Additionally, for legacy users without First/Last Names, their email or username will appear in the Uploaded by or Reprocessed by field instead.
Native data processing settings
- The orientation of documents is preserved from its native version (e.g., a document that is in landscape orientation will remain that way upon upload)
- Embedded files: Everlaw will extract all embedded files, including audio and video files, in a Microsoft 365 file (e.g., an Excel file embedded in a PowerPoint) and any file embedded in a PDF.
- Emails containing URL links to other supported documents will be recognized. See the context panel article to learn more.
- The children of container files are extracted with no limitation on depth.
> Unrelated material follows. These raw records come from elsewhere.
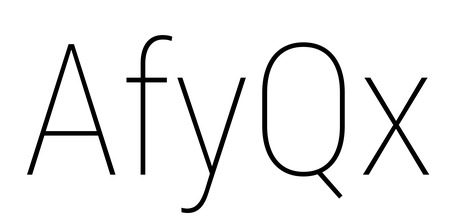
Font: Roboto_Condensed_Thin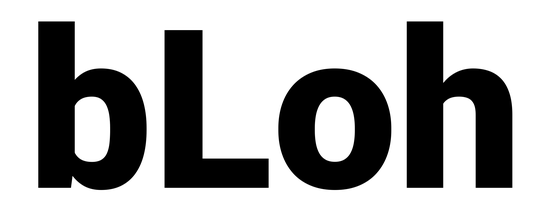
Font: Roboto_Black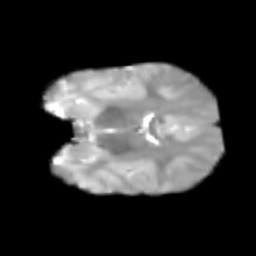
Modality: T2w
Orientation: coronal
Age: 6
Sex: male
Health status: healthy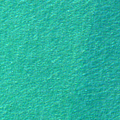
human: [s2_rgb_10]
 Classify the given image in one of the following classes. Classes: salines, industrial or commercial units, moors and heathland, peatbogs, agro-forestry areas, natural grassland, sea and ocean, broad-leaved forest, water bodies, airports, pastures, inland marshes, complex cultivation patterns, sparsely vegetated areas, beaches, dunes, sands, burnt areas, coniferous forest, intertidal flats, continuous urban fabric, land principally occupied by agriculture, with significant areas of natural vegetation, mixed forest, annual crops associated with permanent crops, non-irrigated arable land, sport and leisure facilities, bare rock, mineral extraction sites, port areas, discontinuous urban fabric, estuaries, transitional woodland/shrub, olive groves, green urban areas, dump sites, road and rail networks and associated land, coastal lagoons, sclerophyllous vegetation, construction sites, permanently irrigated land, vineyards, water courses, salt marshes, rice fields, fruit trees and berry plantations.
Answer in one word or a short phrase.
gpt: sea and ocean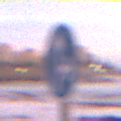
Verkehrszeichen: VorgeschriebeneFahrtrichtungGeradeausOderRechts
Umgebung: Outdoor, Urban
Tageszeit: SunriseSunset
Wetter: PartlyCloudy
Licht: Natural
Jahreszeit: NotSpecified
Kontrast: MediumContrast

For example, a Word document attached to an email that’s attached to another email that’s in a Zip file that’s in another Zip file will be extracted.
- Hidden columns in Excel are displayed.
- Notes are extracted and presented in the PDF/Image view for Word documents and the Native view for spreadsheets.
- Sometimes, you may try to upload an entire hard drive or a folder with personal files mixed in with system/software files. Some of these files have no user-specific content and can be removed upon processing. This process is called deNIST (removing NIST files). Any files that are on the NIST list will qualify for deNISTing automatically upon upload. Binary files, and virtually all containers, are not part of this list and will not be removed.